As mentioned I bought an EEE 901. The battery life was the clincher. I've had it for about 3 weeks now, but have only really been using it for a week - since I finished doing my mobile broadband survey and got an Orange contract.

I can't really comment on the supplied Xandros install. I used it for a week or so, with Firefox + a shell for ssh (Ctrl-Alt-T IYF) but once I found time I installed Debian. I used the EEE installer which I think mainly does the appropriate ethernet driver magic without faff. Certainly went smoothly and all up and running minus wifi, which was soon sorted out with the rt2860-source package. Ethernet, bluetooth and camera all seem fine. SD reader is a USB device that appears when a card is inserted.
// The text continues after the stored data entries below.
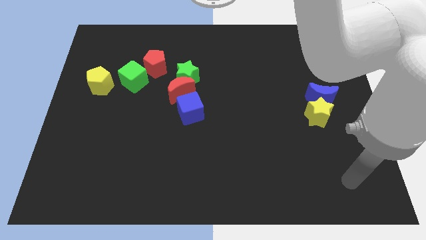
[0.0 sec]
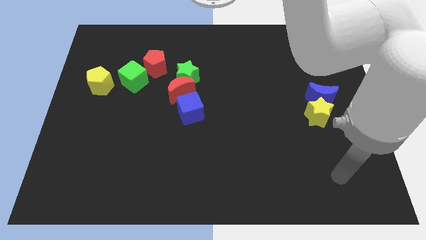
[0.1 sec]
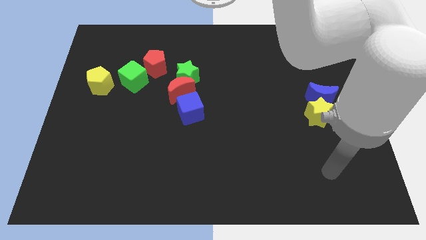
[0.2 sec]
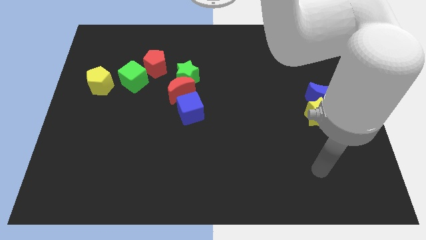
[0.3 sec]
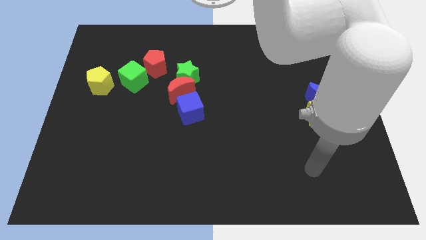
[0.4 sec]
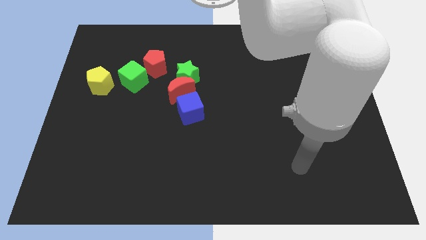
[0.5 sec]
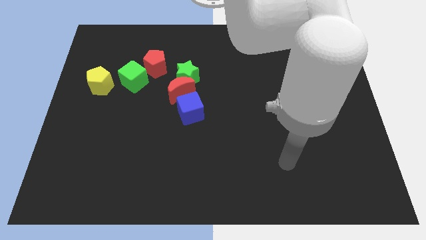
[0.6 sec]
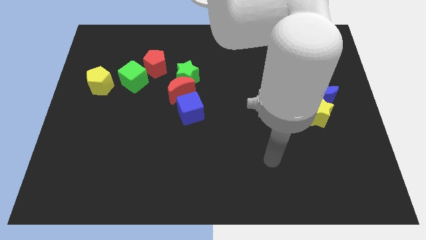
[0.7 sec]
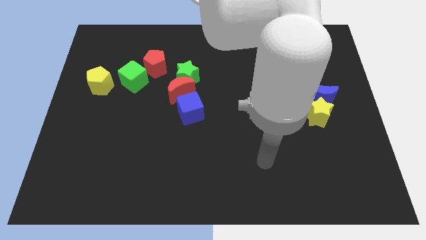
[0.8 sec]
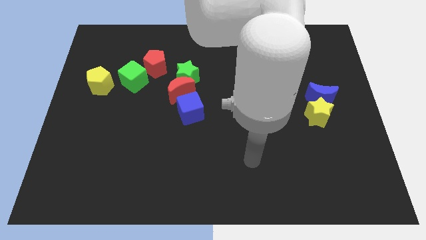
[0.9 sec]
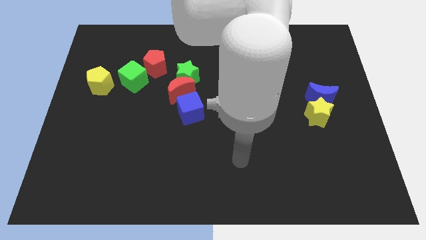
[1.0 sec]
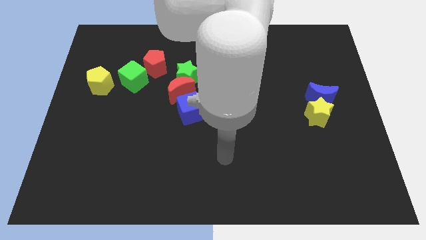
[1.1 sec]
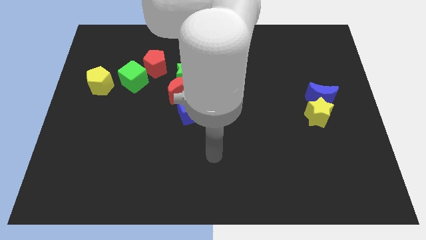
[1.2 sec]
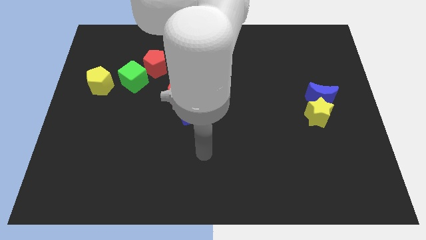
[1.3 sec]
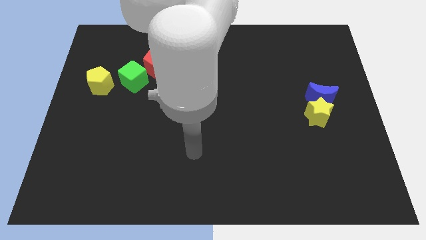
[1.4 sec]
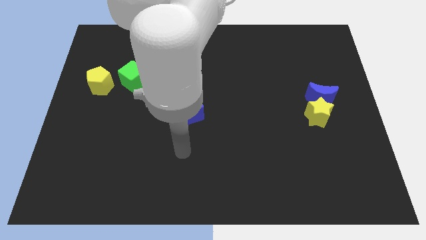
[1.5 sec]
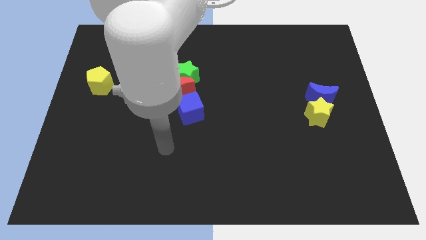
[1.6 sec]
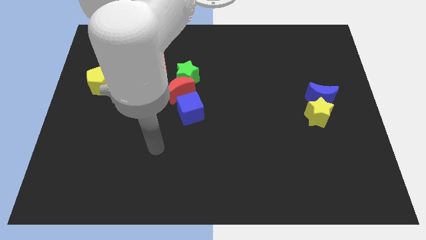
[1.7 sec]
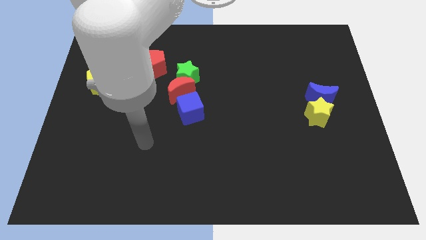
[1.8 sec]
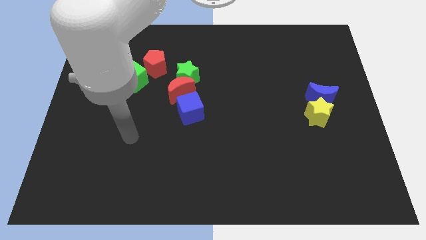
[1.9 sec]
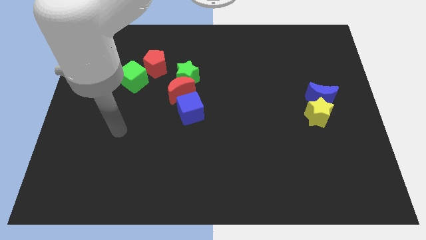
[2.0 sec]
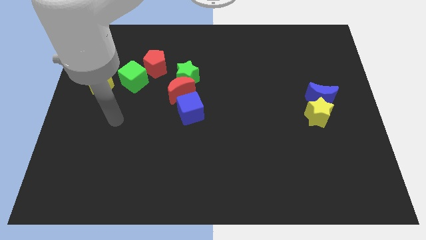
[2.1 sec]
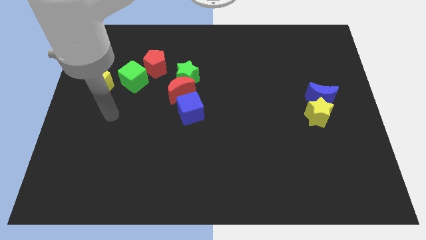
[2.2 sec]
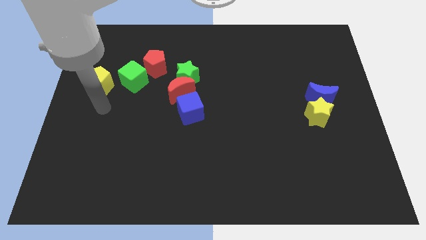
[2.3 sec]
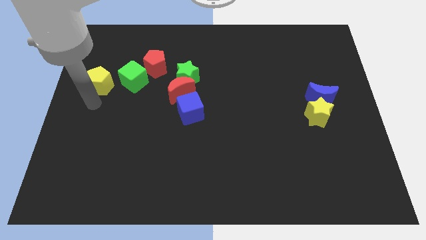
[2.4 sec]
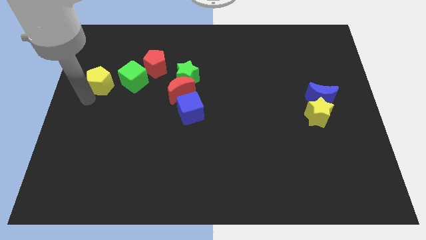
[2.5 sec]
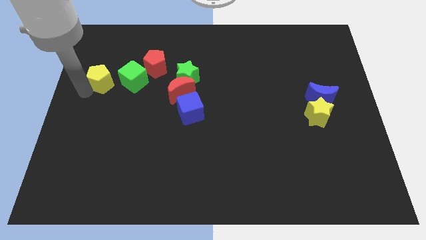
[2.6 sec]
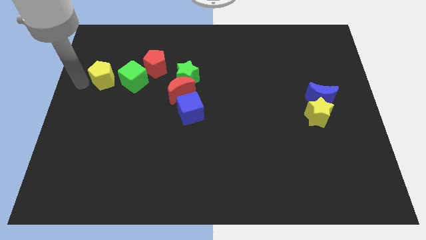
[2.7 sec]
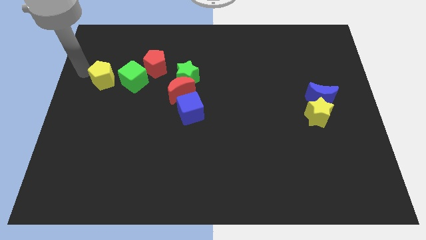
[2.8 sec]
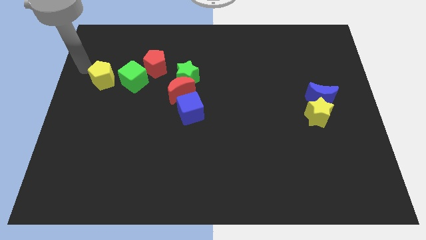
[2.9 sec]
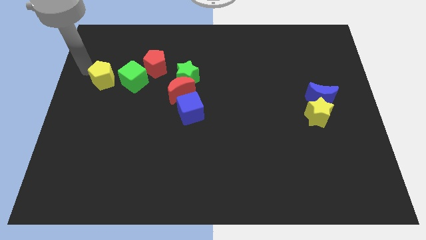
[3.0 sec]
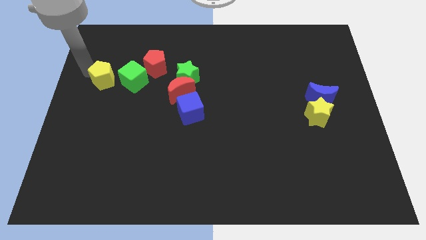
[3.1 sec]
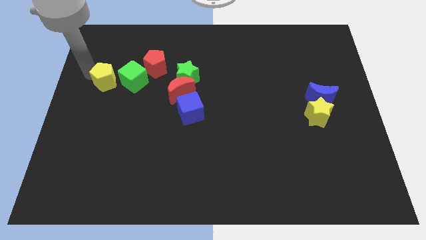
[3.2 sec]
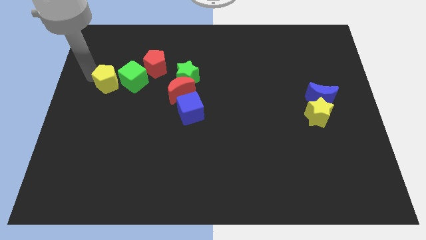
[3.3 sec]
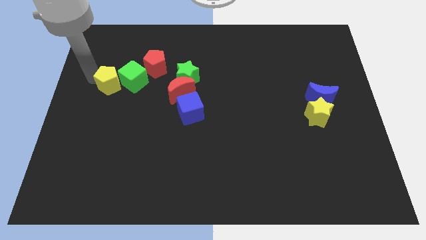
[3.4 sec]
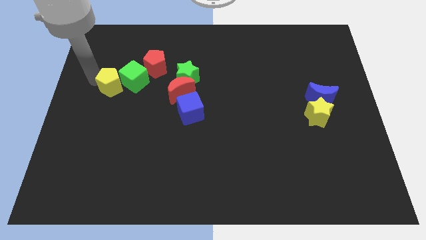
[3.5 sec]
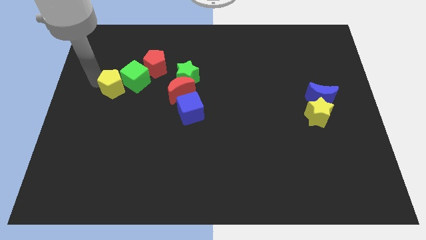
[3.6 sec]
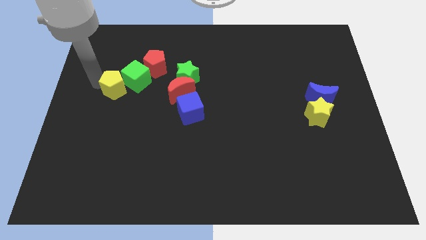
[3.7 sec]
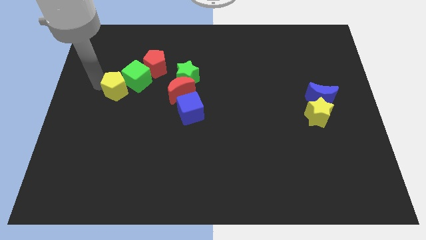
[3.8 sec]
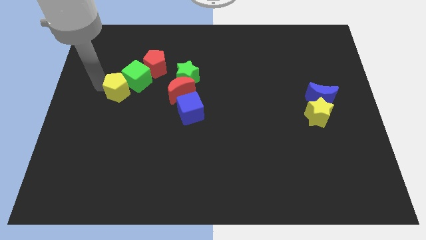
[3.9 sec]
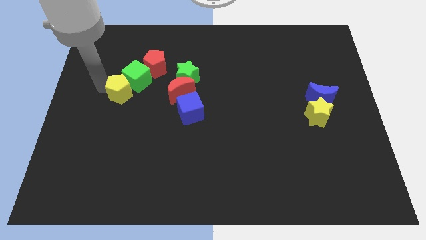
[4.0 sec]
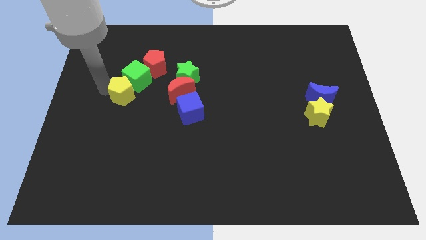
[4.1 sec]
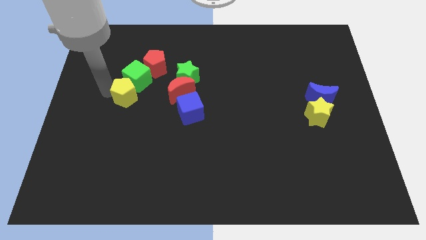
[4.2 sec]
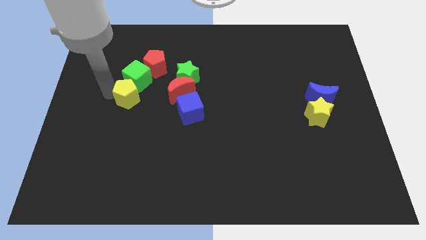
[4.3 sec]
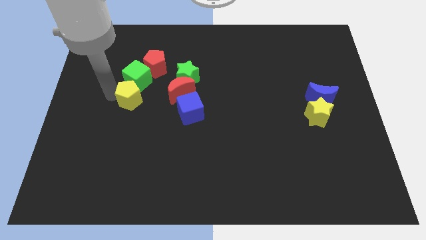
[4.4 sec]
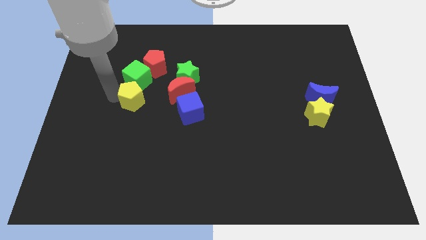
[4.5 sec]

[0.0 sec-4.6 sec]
move the yellow pentagon to the bottom right side of the green cube

Battery life rocks. I can use it on the morning on the train (1hr30 or so), suspend to ram all day, use it on the train on the way home and then around the house in the evening without needing to charge it up. And that's while powering the USB 3G dongle and without any real tuning in terms of trying to save power by dimming the screen etc.

The keyboard *is* small. I wouldn't want this to be my main machine. However it is just about touch typable and the overall machine size is superb - even if I get a bad seat on the train I can still unfold the screen fully and it's my arms/elbows that end up being the issue rather than the laptop itself. I also notice the decrease in screen resolution down to 1024x600 (my old laptop is 1024x768); I can't fit enough xterms. :)

Speed seems fine too. I've not really pushed it hard (I've been resisting installing build-essential) but for a handful of xterms and Iceweasel it's doing a fine job. Equally firing up mplayer resulted in perfectly smooth playback of some mpeg4 over the network. Must actually remember to put something on it to watch on train journeys...

Speaking of train journeys the Orange dongle has integrated without too much hassle. 2.6.27-rc kernels have the appropriate hso driver but I found it caused crashes in areas of low/no signal. Patching up to the latest 1.6 driver solved the problem and adding PPTP to my work VPN into the mix means I can use offlineimap to pull mail locally and then read it with mutt on my journey even when the signal is fluctuating. Hopefully ridiculous starts can be mostly a thing of the past if I can get work done on the train.

What else to say? I'm quite liking the trackpad. The buttons are a bit stiff, but I'm getting used to the double tap, or tap and drag gestures in a way I never seemed to on the R200. Wifi reception seems fine. All in all I'm happy with my choice; the small keyboard is the main drawback and that's the (acceptable) price I pay for a small laptop.